**Try it:**
Extract the stretch of lines that starts at the line with "Q: Is the text underlined? A: No." and ends at the last line of the data below. Give it exactly, without pictures.

▼

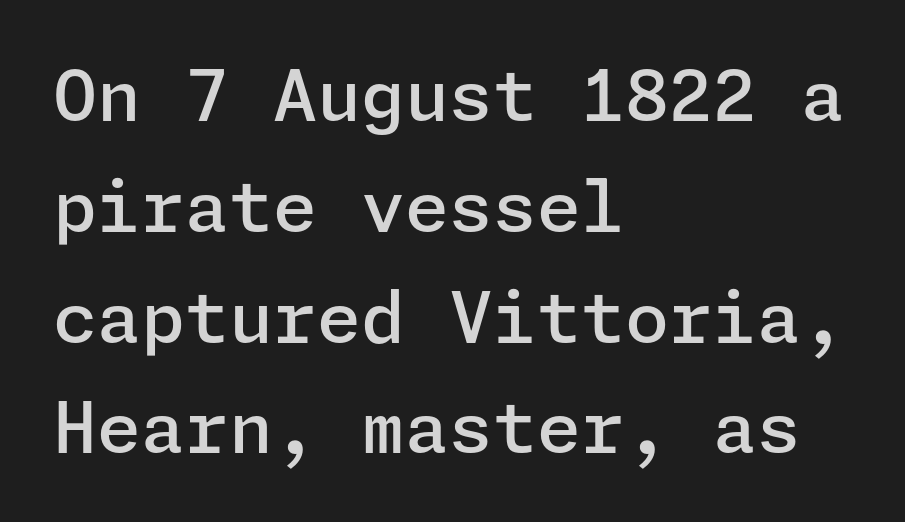
The image shows 71 px semibold sans-serif type, upright; set left-aligned, normal line spacing (1.56x), normal letter spacing, not underlined; low stroke contrast and a medium x-height.
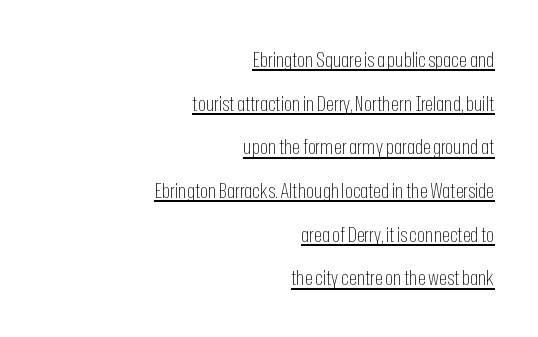
Q: Is the text bold? A: No.
Q: Is the text italic (slanted)? A: No, it is upright.
Q: Is the text underlined? A: Yes.
Q: How is the paragraph aligned? A: Right-aligned.
Q: Is the spacing between letters normal or unusually wide? A: Normal.
Q: Is the spacing between lines tight, normal or loose? A: Loose.
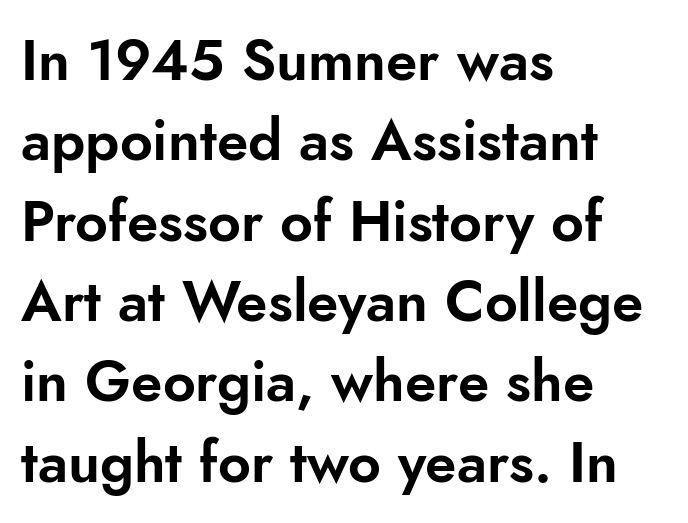
{"serif": "no", "italic": "no", "width": "normal", "stroke_contrast": "low", "x_height": "small", "monospaced": "no", "underline": "no", "align": "left", "line_spacing": "normal", "line_spacing_ratio": 1.41, "letter_spacing": "normal", "letter_spacing_em": 0.0, "glyph_px": 57}
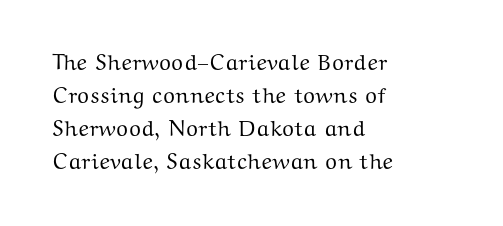
{"italic": "no", "underline": "no", "align": "left", "line_spacing": "normal", "line_spacing_ratio": 1.5, "letter_spacing": "normal", "letter_spacing_em": 0.0, "glyph_px": 22}
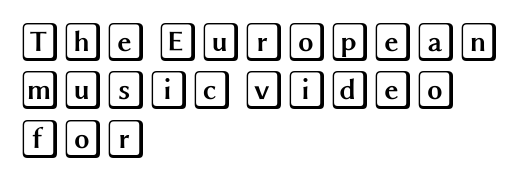
{"italic": "no", "width": "wide", "x_height": "large", "underline": "no", "align": "left", "line_spacing_ratio": 1.24, "letter_spacing": "normal", "letter_spacing_em": 0.0, "glyph_px": 39}
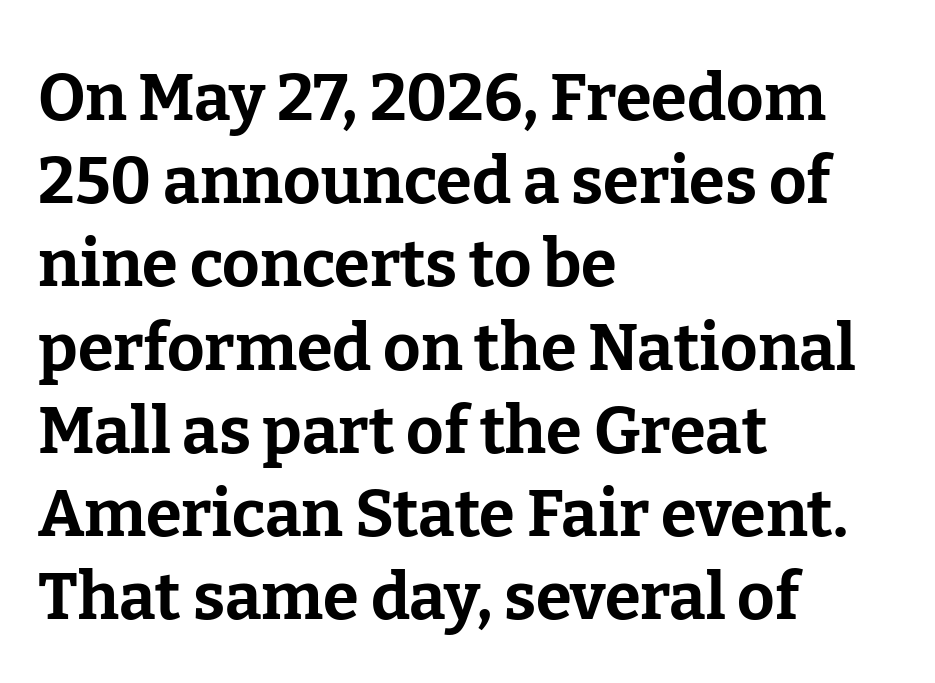
{"serif": "yes", "italic": "no", "bold": "yes", "weight": "bold", "width": "normal", "stroke_contrast": "low", "x_height": "medium", "monospaced": "no", "underline": "no", "align": "left", "line_spacing": "normal", "line_spacing_ratio": 1.28, "letter_spacing": "normal", "letter_spacing_em": 0.0, "glyph_px": 65}
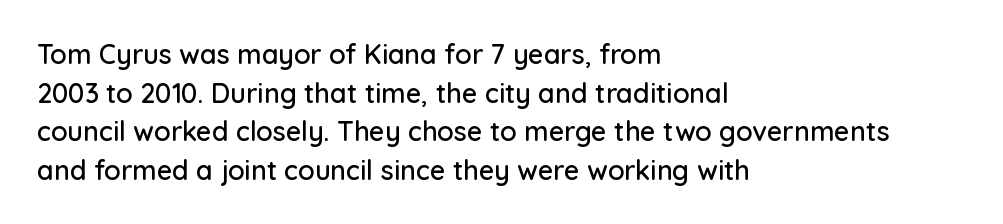
Q: Is the text italic (slanted)? A: No, it is upright.
Q: Is the text underlined? A: No.
Q: How is the paragraph aligned? A: Left-aligned.
Q: Is the spacing between letters normal or unusually wide? A: Normal.
Q: Is the spacing between lines tight, normal or loose? A: Normal.
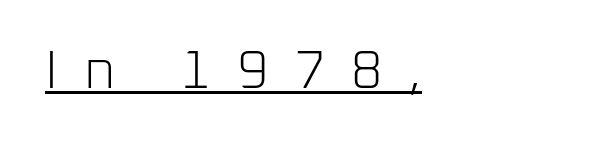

▲

**Output of the exercise:**
Q: Is the text underlined? A: No.
Q: How is the paragraph aligned? A: Left-aligned.
Q: Is the spacing between letters normal or unusually wide? A: Normal.
Q: Is the spacing between lines tight, normal or loose? A: Normal.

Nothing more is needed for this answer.